I still don't know if there's a smarter way to check to see if an
exception received at this point is "the same" exception as the one that
caused the initial disconnect, but for now the problem can be avoided by
improving the error pathway detection in the exit path.

Reported-by: Thomas Huth <thuth@redhat.com>
Signed-off-by: John Snow <jsnow@redhat.com>
Tested-by: Thomas Huth <thuth@redhat.com>
Message-id: 20211111143719.2162525-2-jsnow@redhat.com
Signed-off-by: John Snow <jsnow@redhat.com>
---
 python/qemu/aqmp/protocol.py | 18 +++++++++++++-----
 1 file changed, 13 insertions(+), 5 deletions(-)

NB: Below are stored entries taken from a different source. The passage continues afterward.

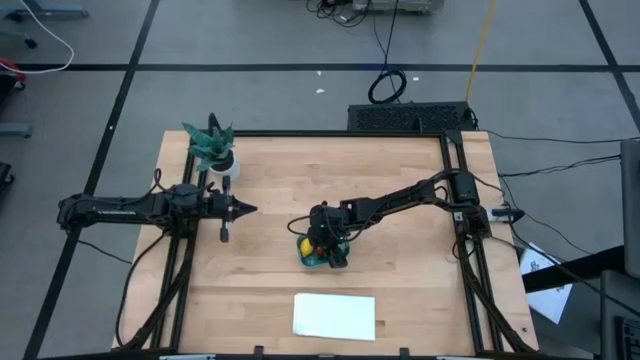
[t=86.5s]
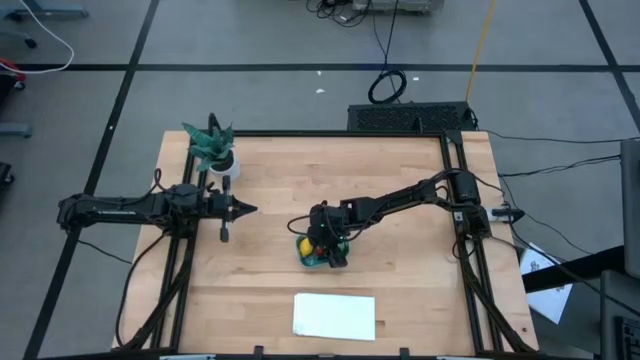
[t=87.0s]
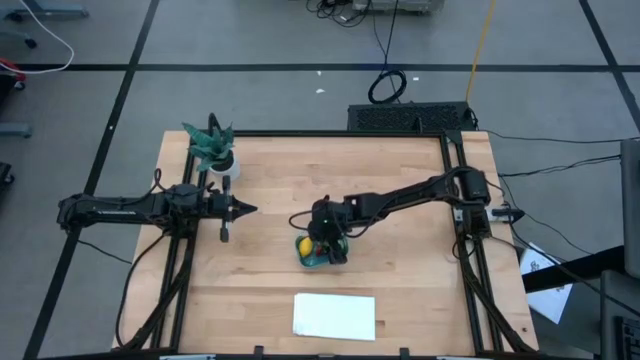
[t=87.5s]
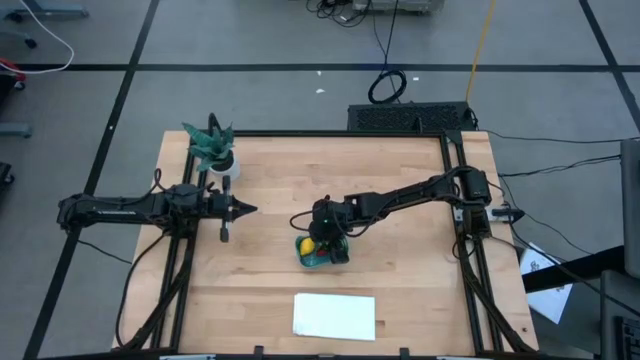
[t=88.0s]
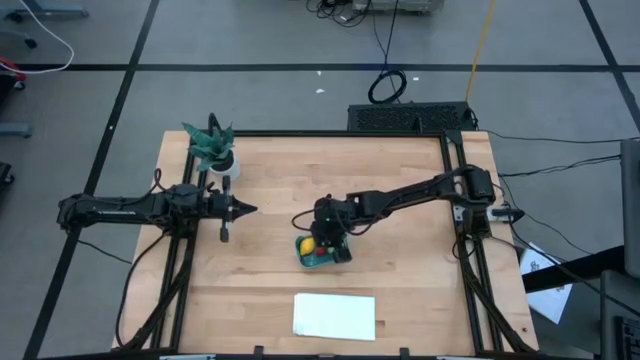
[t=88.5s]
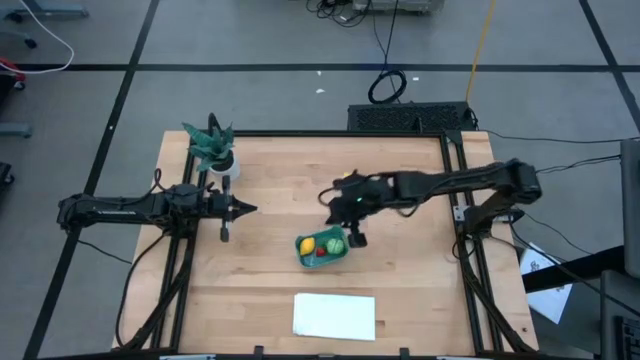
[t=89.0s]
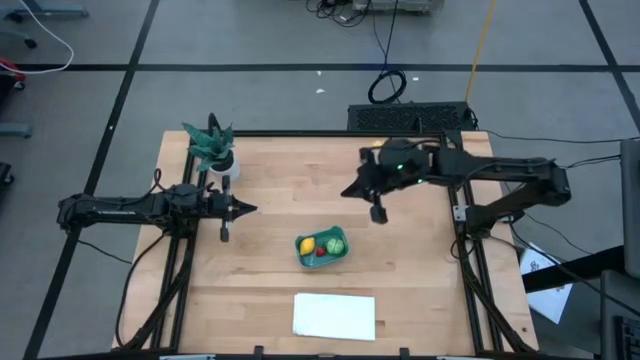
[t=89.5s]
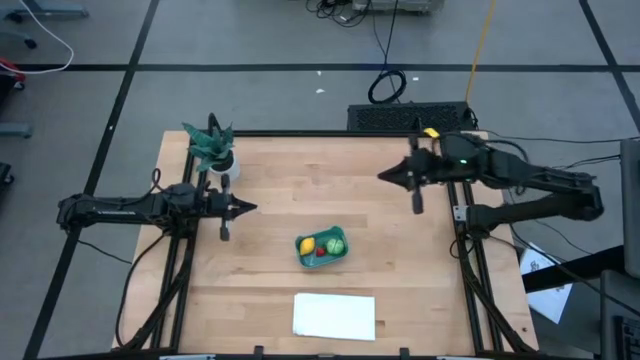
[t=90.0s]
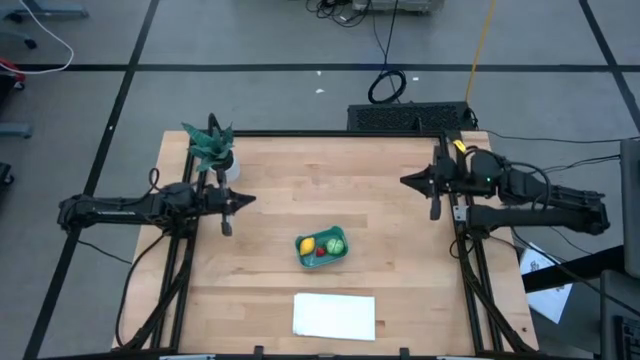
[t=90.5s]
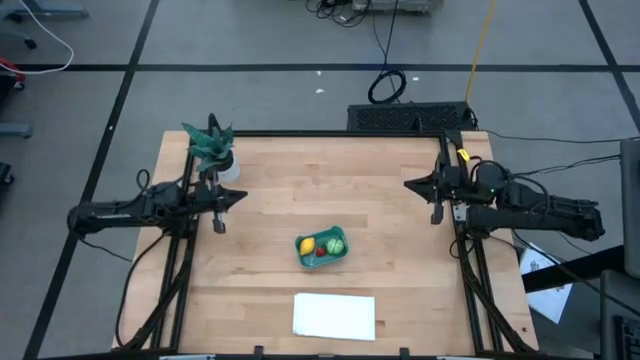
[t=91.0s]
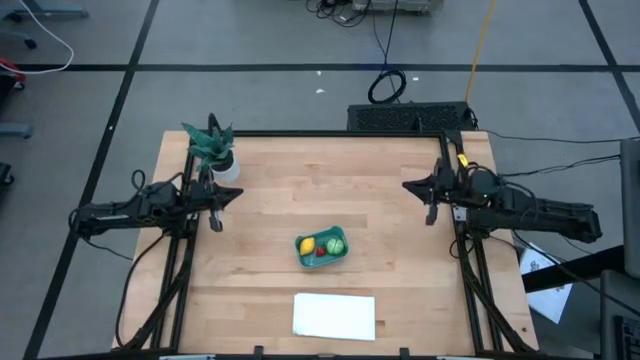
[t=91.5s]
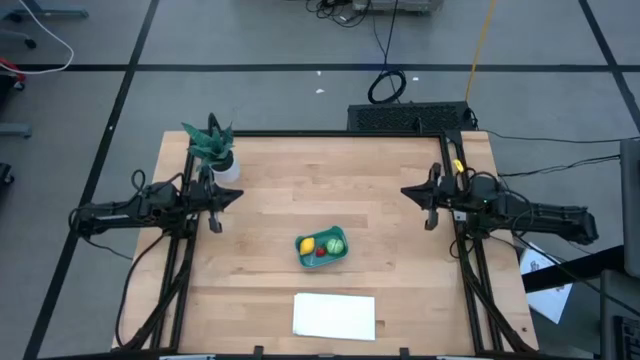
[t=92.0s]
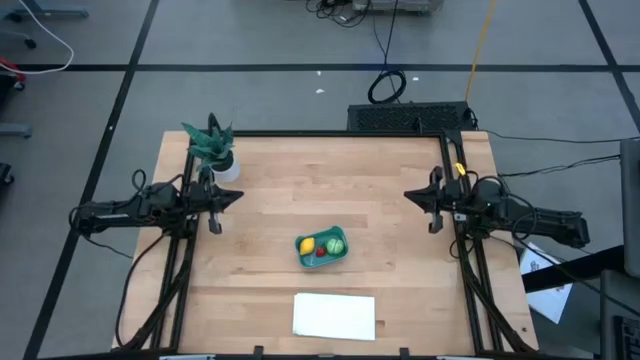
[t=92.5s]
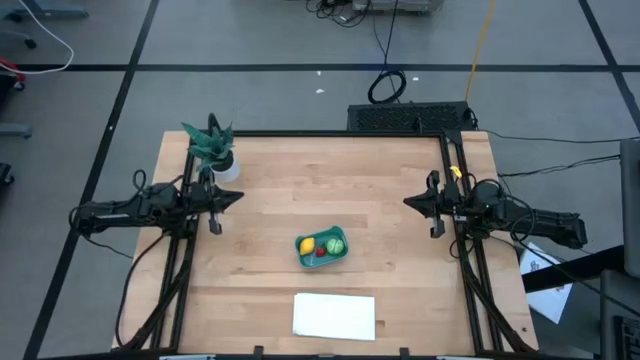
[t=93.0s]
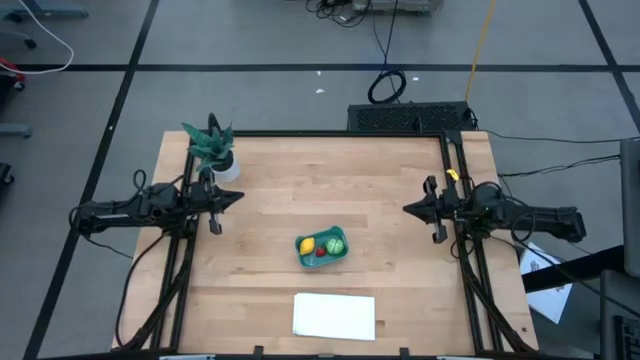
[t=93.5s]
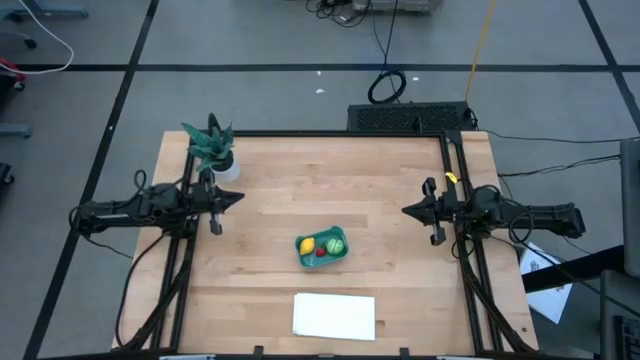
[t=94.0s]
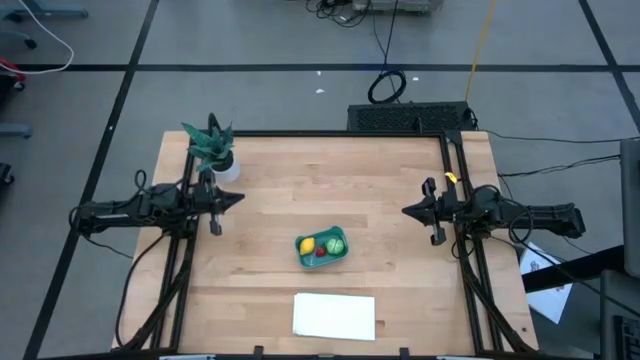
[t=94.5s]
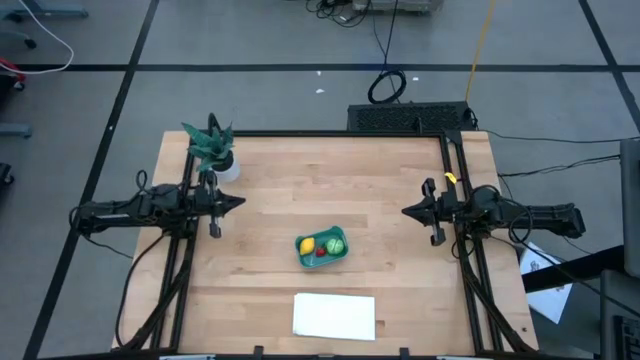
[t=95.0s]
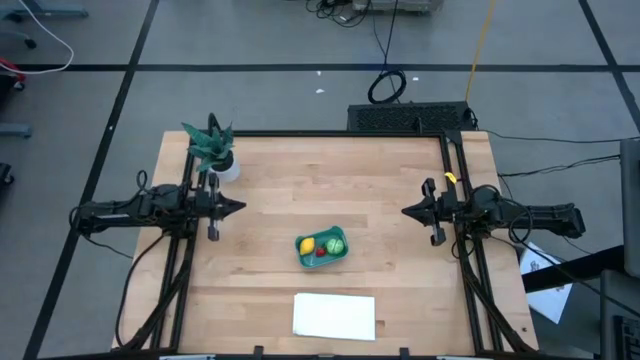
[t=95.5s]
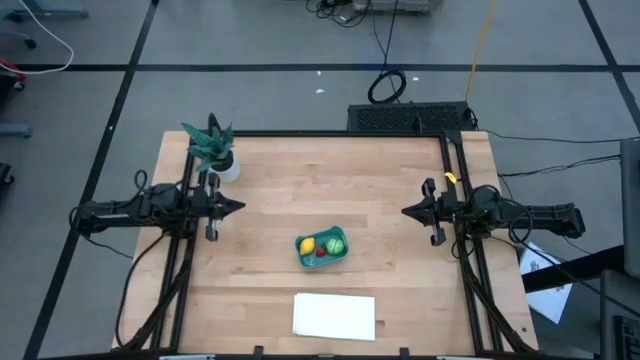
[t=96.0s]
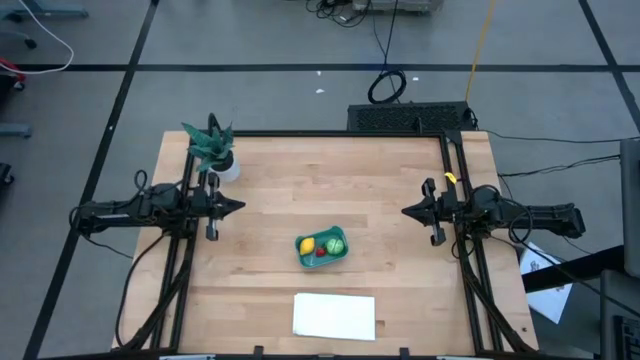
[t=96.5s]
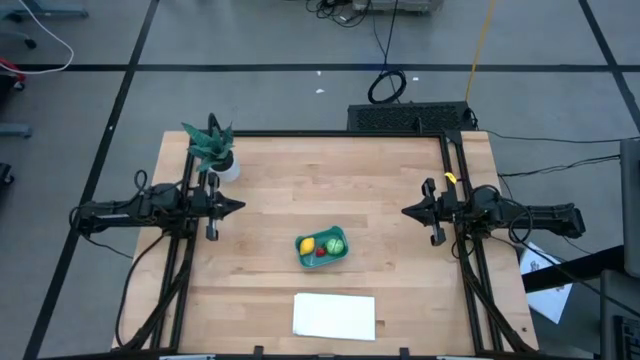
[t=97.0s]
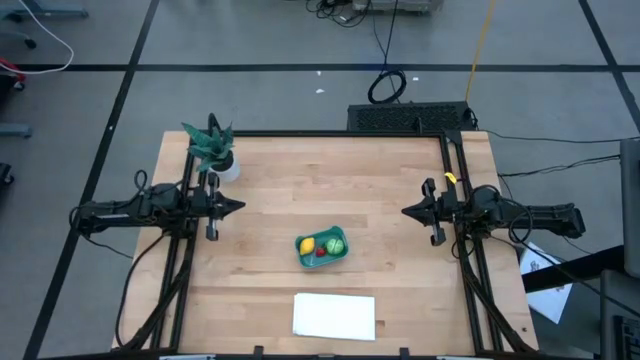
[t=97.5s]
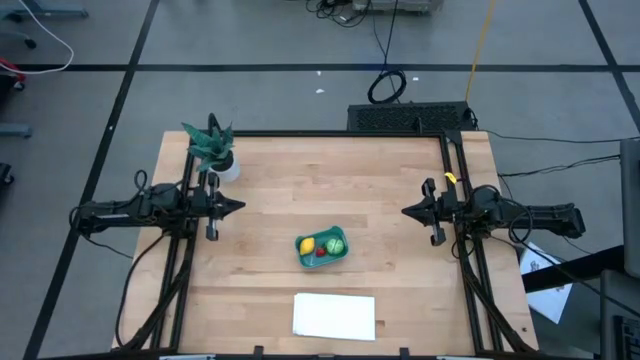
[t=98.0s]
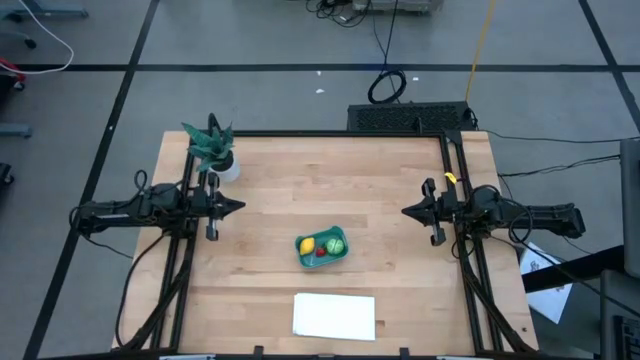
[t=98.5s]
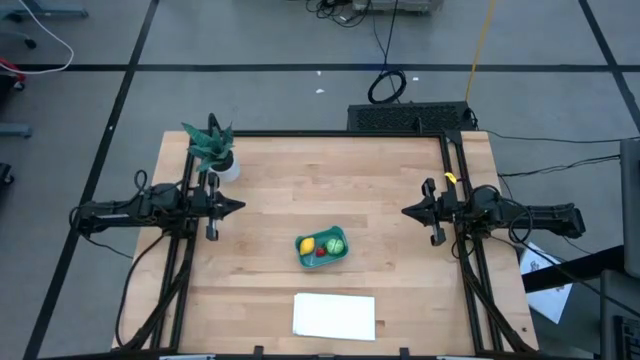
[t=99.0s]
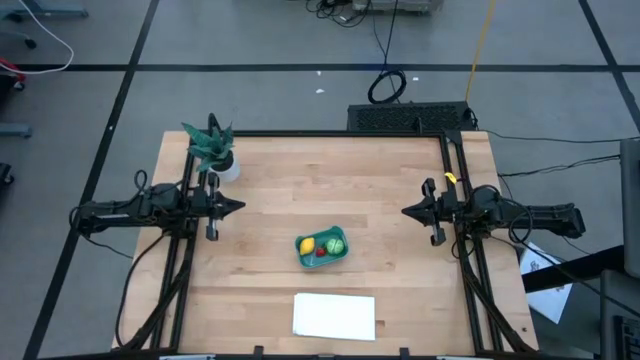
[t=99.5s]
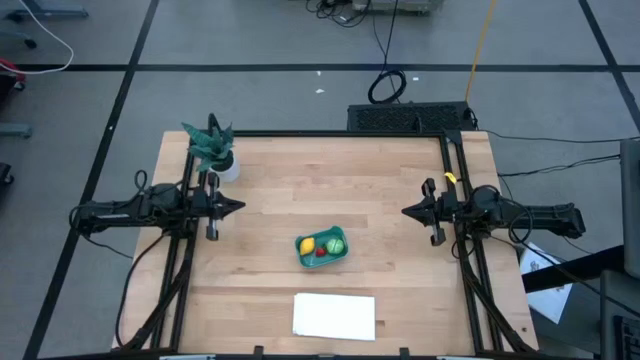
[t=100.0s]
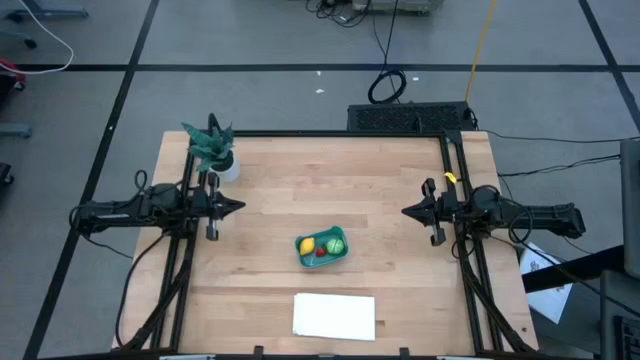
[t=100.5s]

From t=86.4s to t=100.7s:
Task: Pick and placing Produce into tupperware
Return to Home Position

diff --git a/python/qemu/aqmp/protocol.py b/python/qemu/aqmp/protocol.py
index ae1df24026..860b79512d 100644
--- a/python/qemu/aqmp/protocol.py
+++ b/python/qemu/aqmp/protocol.py
@@ -623,13 +623,21 @@ class AsyncProtocol(Generic[T]):
         def _done(task: Optional['asyncio.Future[Any]']) -> bool:
             return task is not None and task.done()
 
-        # NB: We can't rely on _bh_tasks being done() here, it may not
-        #     yet have had a chance to run and gather itself.
+        # Are we already in an error pathway? If either of the tasks are
+        # already done, or if we have no tasks but a reader/writer; we
+        # must be.
+        #
+        # NB: We can't use _bh_tasks to check for premature task
+        # completion, because it may not yet have had a chance to run
+        # and gather itself.
         tasks = tuple(filter(None, (self._writer_task, self._reader_task)))
         error_pathway = _done(self._reader_task) or _done(self._writer_task)
+        if not tasks:
+            error_pathway |= bool(self._reader) or bool(self._writer)
 
         try:
-            # Try to flush the writer, if possible:
+            # Try to flush the writer, if possible.
+            # This *may* cause an error and force us over into the error path.
             if not error_pathway:
                 await self._bh_flush_writer()
         except BaseException as err:
@@ -639,7 +647,7 @@ class AsyncProtocol(Generic[T]):
             self.logger.debug("%s:\n%s\n", emsg, pretty_traceback())
             raise
         finally:
-            # Cancel any still-running tasks:
+            # Cancel any still-running tasks (Won't raise):
             if self._writer_task is not None and not self._writer_task.done():
                 self.logger.debug("Cancelling writer task.")
                 self._writer_task.cancel()
@@ -652,7 +660,7 @@ class AsyncProtocol(Generic[T]):
                 self.logger.debug("Waiting for tasks to complete ...")
                 await asyncio.wait(tasks)
 
-            # Lastly, close the stream itself. (May raise):
+            # Lastly, close the stream itself. (*May raise*!):
             await self._bh_close_stream(error_pathway)
             self.logger.debug("Disconnected.")
 

From 25de7f50121f251c45d111582d786db7ce0768d3 Mon Sep 17 00:00:00 2001
From: John Snow <jsnow@redhat.com>
Date: Thu, 11 Nov 2021 09:37:16 -0500
Subject: [PATCH 2/5] python/aqmp: fix ConnectError string method

When ConnectError is used to wrap an Exception that was initialized
without an error message, we are treated to a traceback with a rubbish
line like this:

... ConnectError: Failed to establish session:

Correct this to use the name of an exception as a fallback message:

... ConnectError: Failed to establish session: EOFError

Better!

Signed-off-by: John Snow <jsnow@redhat.com>
Reported-by: Thomas Huth <thuth@redhat.com>
Tested-by: Thomas Huth <thuth@redhat.com>
Message-id: 20211111143719.2162525-3-jsnow@redhat.com
Signed-off-by: John Snow <jsnow@redhat.com>
---
 python/qemu/aqmp/protocol.py | 6 +++++-
 1 file changed, 5 insertions(+), 1 deletion(-)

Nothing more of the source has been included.